St. Matthew Lutheran Church member Brian Armstrong displays "The Mansfield News" newspaper to the congregation. The newspaper, along with other items, had been kept inside a copper box within the church cornerstone for close to 100 years. 

Two newspapers, "The Mansfield News" and "The Mansfield Shield," were kept in the box, both which dated back to October of 1916.

Also included was an article titled, "Proposed St. Matthew's Lutheran Church" with an artist's rendering of the building.

Article

Ron Pittenger reads an article titled, "Proposed St. Matthew's Lutheran Church."

"This church is Romanesque and Greek Classic with a colonnade on south which forms the main entrance. The auditorium is designed in the shape of a cross, spanned by a large dome 30 feet in diameter," the article states.

It notes that F.B. Hursh was the architect of the building and that the approximate cost of the building and parsonage next door was $45,000.

Pittenger pulled a copy of the "American Lutheran Survey" from the box, saying, "It's a weekly review of world progress and problems from the Christian standpoint." The issue date was Oct. 11, 1916.

"American Lutheran Survey"

Ron Pittenger, left, reads the cover of "American Lutheran Survey."

There were documents and photos related to the church's establishment, including a list of the church members' names in the box, as well.

"I remember some of these names from my grandmother's time," said Pittenger, a third-generation member of St. Matthew Lutheran Church.

Some postcards were also in the box. An attached note says, "These postcards were contributed by E.E. Weatherby. They were taken by his daughter, Mrs. L.E. Stambaugh, with a 3A Eastman Kodak. Should any of these people be living when this stone is opened, please make it a point to give these photos to them, or at least to someone who is related to them.

"All honor to Rev. A.C. Miller, pastor of the church. We believe no other pastor could have done this great work as he did," the note adds.

Pittenger said he became aware of the box from the church's minute books dating back to the time when the church was built. "As I was reading through them, there was a page in there where they had purchased a copper box to put documents in at the cornerstone," he said.

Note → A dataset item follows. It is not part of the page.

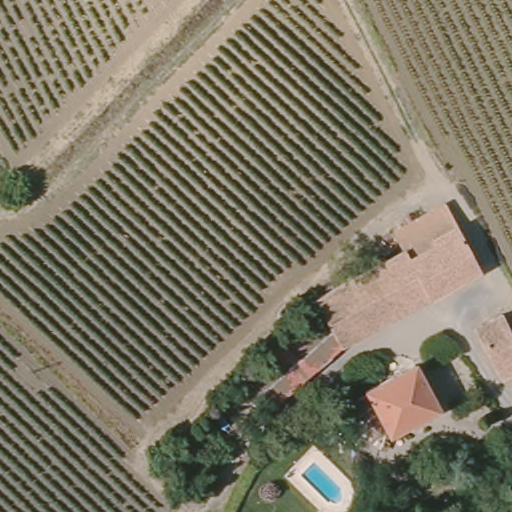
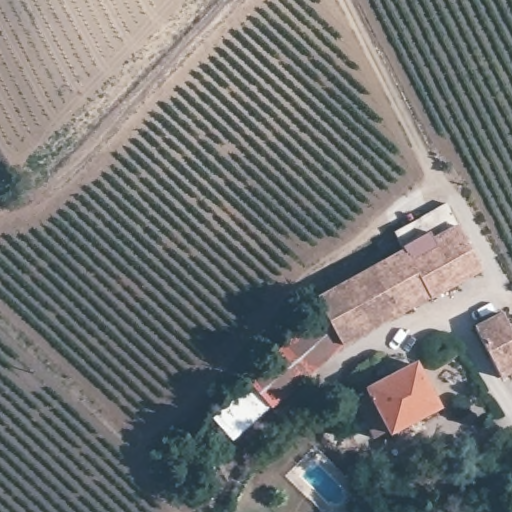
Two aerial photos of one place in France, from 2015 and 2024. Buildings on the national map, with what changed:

The box was removed from the cornerstone prior to Sunday, thanks to Pittenger and Armstrong who worked together to chisel away the mortar and pry the cornerstone out from the building.

Removal

Brian Armstrong pries the cornerstone out from the building. 

"The box was actually in the bottom of the cornerstone and it was shimmed in there," Pittenger said.

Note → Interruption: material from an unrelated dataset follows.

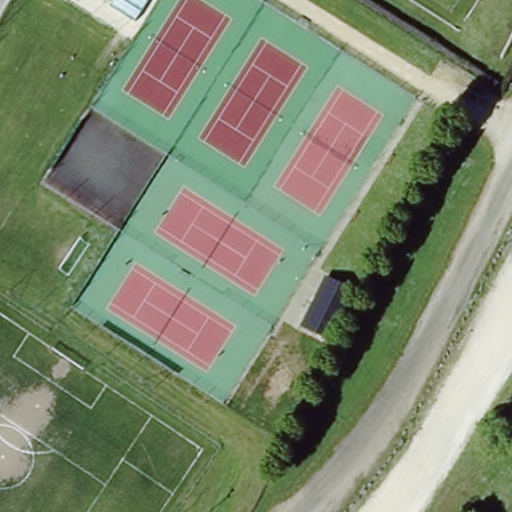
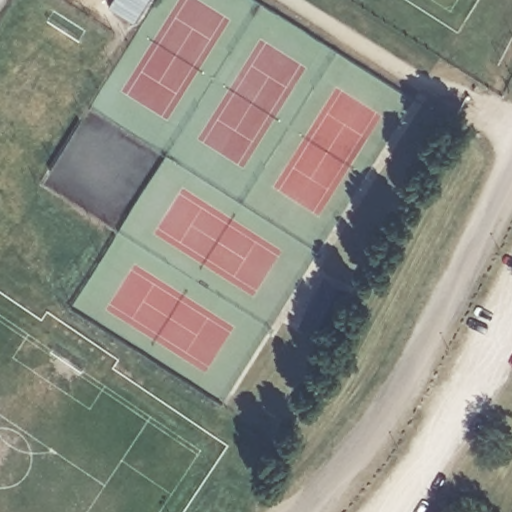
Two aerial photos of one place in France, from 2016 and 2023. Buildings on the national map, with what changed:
unchanged [(352,293),(327,341),(305,329),(330,282),(352,293)]

Pittenger said the items will be donated to the Ohio Genealogical Society in Bellville.  

Church background

According to a booklet detailing the history of St. Matthew Lutheran Church from 1903-2003, St. Matthew Lutheran Church was organized Oct. 25, 1903. The first pastor was Rev. A. E. Renn and the first Sunday school superintendent was W.F. Voegel, father of Frank Voegel.

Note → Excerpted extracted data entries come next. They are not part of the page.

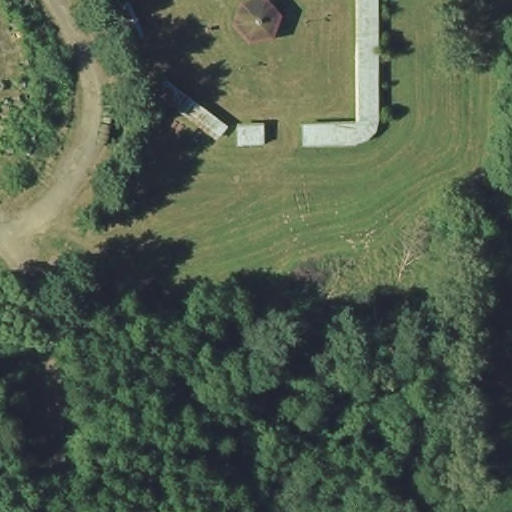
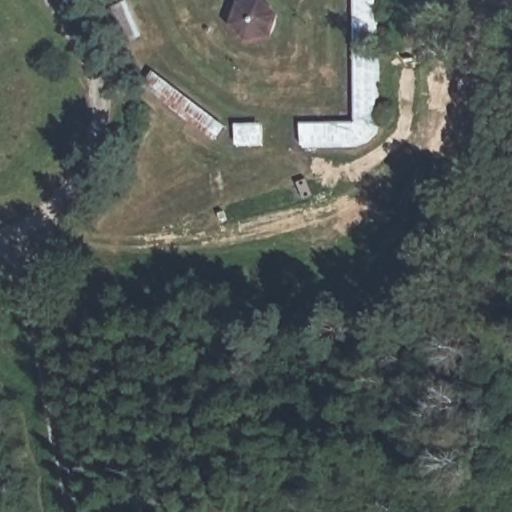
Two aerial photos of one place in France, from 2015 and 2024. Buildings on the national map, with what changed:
unchanged [(132,0),(135,0),(147,32),(126,41),(110,9),(132,0)]
unchanged [(273,0),(285,10),(281,27),(266,37),(247,39),(235,22),(247,1),(249,0),(273,0)]
unchanged [(363,144),(308,145),(306,124),(360,119),(358,0),(383,0),(385,133),(363,144)]
unchanged [(219,140),(142,85),(157,70),(231,124),(219,140)]
unchanged [(267,145),(239,144),(241,124),(266,122),(267,145)]
unchanged [(122,296),(110,298),(97,273),(110,268),(122,296)]

The church of 61 members originally convened at an upstairs hall in the Hebler block at the corner of East Fourth Street and Diamond Street. In February 1904, the congregation shared a church building on Park Avenue West with Reformed Presbyterian Church, later purchasing that building from Reformed Presbyterian Church on Feb. 22, 1906.

St. Matthew Lutheran Church

St. Matthew Lutheran Church is located at 426 Sherman Place. The congregation has dwindled and the church will close at the end of the year.

"Sometime between 1908 and 1915, the St. Matthew congregation decided to build a new church and sold the Park Avenue property with 'immediate possession' going to the new owners. As a result, services were temporarily held in the Odd Fellows Hall on South Diamond Street, the booklet says.

It adds, "In 1915, a committee was appointed to secure a building site for a new church and parsonage. Eventually several lots were purchased at the corner of Penn Avenue and Sherman place in a growing upper middle class neighborhood."

The cornerstone was laid on Oct. 25, 1916. The congregation continued to use the Odd Fellows Hall until the church was completed in 1918.

Cornerstone

The cornerstone is now back in place. 

Future of the church

St. Matthew Lutheran Church will be closing at the end of the year, Pittenger said.

"We don't have much of a congregation left," he said. "We only have about 10 or 12 members who attend, which is one of the reasons why we're closing."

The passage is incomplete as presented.